Dass auch Kurzkrimis ganz großes Kino sein können, ist das eine. Dass sie in bester Slam-Manier die Musik der Sprache nutzen, um im Rhythmus des Kings das ‚Ghetto‘ aka die Bergbausiedlung Tremonia vor fiesen Immobilienspekulanten zu retten, ist was ganz Besonderes. Und so freu ich mich wie eine Schneekönigin, an dieser Stelle den Kollegen Karr & Wehner von ganzem Herzen zum Friedrich-Glauser-Preis für „Hier in Tremonia“ gratulieren zu können! :-))
Und weil es eine wunderbare & ehrenvolle Aufgabe war, für die Preisverleihung auf der Gala in Halle (Saale) dafür einen passenden Textauszug zu finden, gibt’s diese Strophe(n) dann gleich hier zur Einstimmung:
[…]
Und die Kapelle spielt …
Hier draußen in der alten Schule, in der Aula, im
ersten Stock.
Die Knappenkapelle übt für das Fest, die Weih-
nachtsfeier, hier in der Klötzchenschule, mit den Kindern,
mit den Eltern, den Großeltern. Wie sie das Fest
feiern, schon immer,
hier in der Siedlung.
Sie üben »Schneeflöckchen Weißröckchen« und sie
üben »White Christmas« und sie üben »Es ist für uns
eine Zeit angekommen«.
Und dann …
spielen sie die Lieder für die Siedlung.
Die Rita, der Kalle und der Schorsch.
Der Klaus und der Rudi und die Uschi.
In der Siedlung,
wo die Männer zusammenhalten.
Und die Frauen zusammenhalten. Und mitspielen in
der Kapelle. Vorneweg.
Denn sie sind die Knappenkapelle Tremonia, die spielt,
wann immer es etwas zu spielen gibt. Auf dem Schützenfest,
der Beerdigung, der Hochzeit und bei Tremonia
06, wenn es ein Heimspiel ist.
Sie spielen das Steigerlied und sie spielen »Der Pott ist
grün« und den »Mond von Wanne Eickel«. Und sie spielen
den Song vom King.
Hier, mitten im Ghetto.
Und seine Mutter ist tot.
Die Mutter vom Klaus, der wohnt in der Nummer
eins, an der Straße mit den Zechenhäusern. Hier in der
Siedlung. Der Klaus lebt allein in dem Haus, hier lebt
er schon immer und hier wird er bleiben, auch wenn
sie ihm schreiben, dass er raus soll. Aus dem Haus und
raus aus der Siedlung.
Die Gesellschaft hat ein paar Häuser verkauft, die
Nummern eins bis drei und drüben die sieben bis zehn.
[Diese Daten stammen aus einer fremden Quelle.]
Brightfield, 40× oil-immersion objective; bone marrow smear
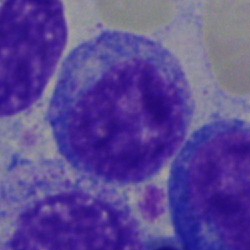

Progranulocyte.
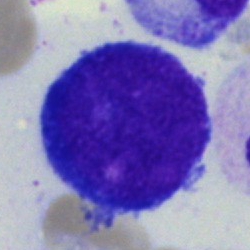
Q: What type of cell is this?
A: This is a pronormoblast.
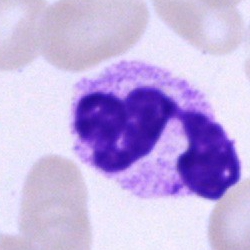 Bone marrow smear showing a segmented neutrophil.
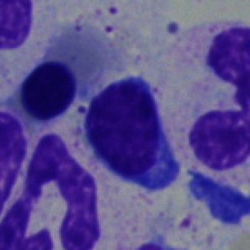 Cell type — lymphocyte.
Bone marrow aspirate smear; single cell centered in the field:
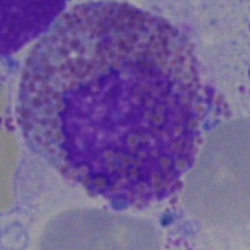
Single cell identified as an eosinophil.
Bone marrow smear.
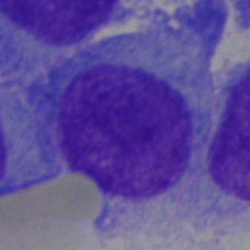 The cell type is plasmacyte.
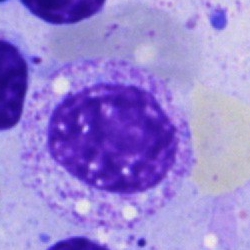

Morphological class: myelocyte.
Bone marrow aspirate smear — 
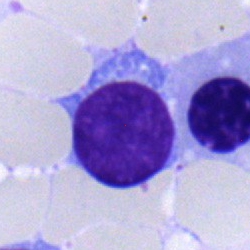Single cell identified as a lymphocyte.
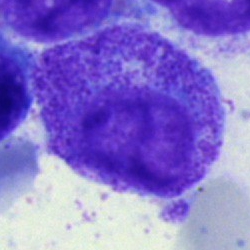Specimen: bone marrow smear.
Classification: progranulocyte.
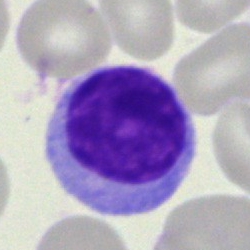

A lymphocyte.
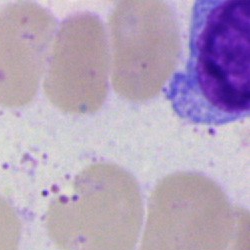Cell: artifact.
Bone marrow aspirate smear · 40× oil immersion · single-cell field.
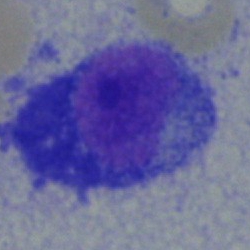 Specimen: bone marrow aspirate smear.
Cell type: plasma cell.
Lineage: lymphoid.
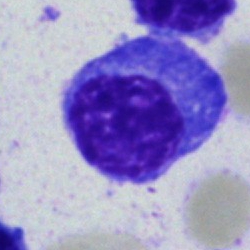

Classification: plasma cell.
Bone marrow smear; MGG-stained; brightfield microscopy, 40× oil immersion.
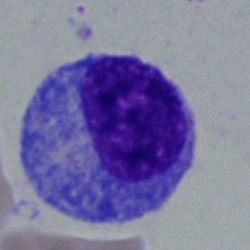Specimen: bone marrow aspirate smear.
Classification: progranulocyte.
Lineage: myeloid.
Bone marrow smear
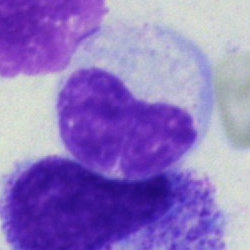

Showing a neutrophil (band).
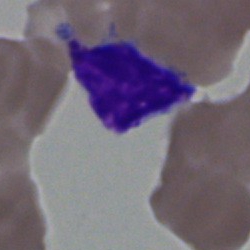 Morphological class — lymphocyte.
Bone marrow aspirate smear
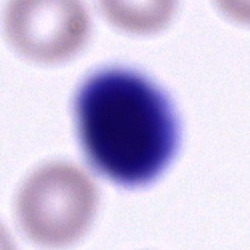Morphology → cell of indeterminate lineage.
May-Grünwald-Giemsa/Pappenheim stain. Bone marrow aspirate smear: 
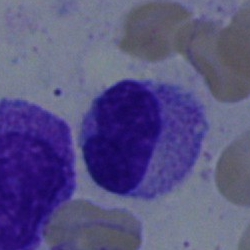

Morphological class: metamyelocyte.
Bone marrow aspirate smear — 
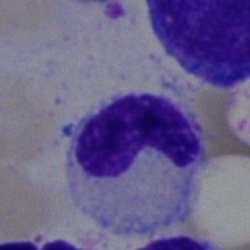Q: What is the morphological classification of this cell?
A: A band-form neutrophil.
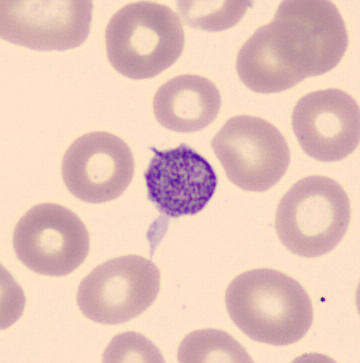 This is a thrombocyte.
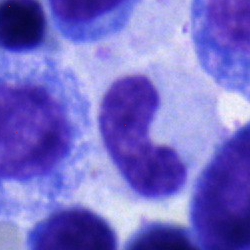
Q: What is the morphological classification of this cell?
A: It is a neutrophil (band).
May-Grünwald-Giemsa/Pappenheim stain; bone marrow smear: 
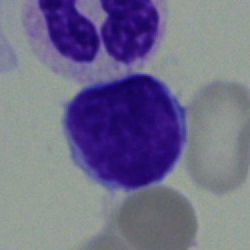 Cell: typical lymphocyte.
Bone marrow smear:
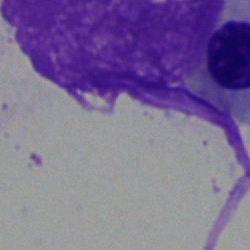 Showing an artifact.
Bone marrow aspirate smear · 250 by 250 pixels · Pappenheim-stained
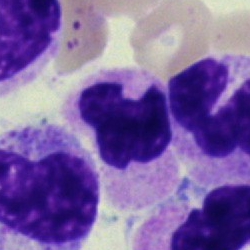{"cell_type": "segmented neutrophil", "lineage": "myeloid"}
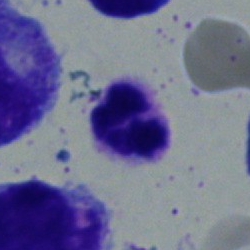Q: What type of cell is this?
A: Neutrophil (segmented).
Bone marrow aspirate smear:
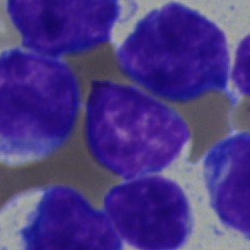 Cell type: typical lymphocyte.
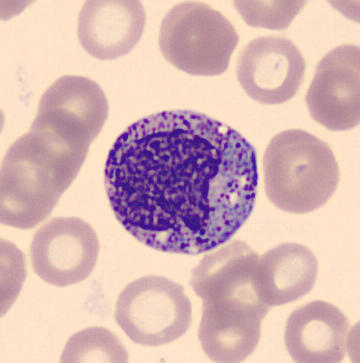 Q: What cell is this?
A: It is a myelocyte.

Da soll die neue Wohnanlage hin, die die MAGMA bauen
will.
Hier … in der Siedlung.
Und auch der Schorsch bleibt hier.
In der Nummer acht. Mit dem kurzbeinigen Hund,
dem Mischling aus allen Kötern der Siedlung, und der
dreifarbigen Katze und den Karnickeln.
Im Stall hinterm Haus.
Deshalb zerreißt er den Brief, in dem steht, dass er ge-
hen muss, und holt sich ein Bier und trinkt es im Garten.
Mit dem Rudi und der Uschi und den andern Nachbarn
am Zaun.
Denn man gibt auf sich acht,
hier in der Siedlung
Und auch der Rudi bleibt hier,
das ist klar, das ist so und das bleibt so.
Denn ein Mann ist ein Mann und ein Wort ist ein
Wort.
Hier in der Siedlung.
Deshalb hilft man sich, mit einem Wort und einem
Rat, mit einer Hand und einer Tat. Damit es bleibt, wie
es ist, wie es war und wie es wird.
In der Siedlung.
Wo die Männer zusammenhalten.
Und die Frauen zusammenhalten. Und mitspielen in
der Kapelle. Vorneweg.
[…]
(aus „Hier in Tremonia“, S. 105f)
Und für alle, die jetzt auf der Stelle den ganzen Text haben müssen, um ihn in seiner vollen Schönheit zu genießen: zu finden ist „Hier in Tremonia“ in der Anthologie „Killing You Softly“, hrsg.v. Peter Godazgar im Kbv-Verlag.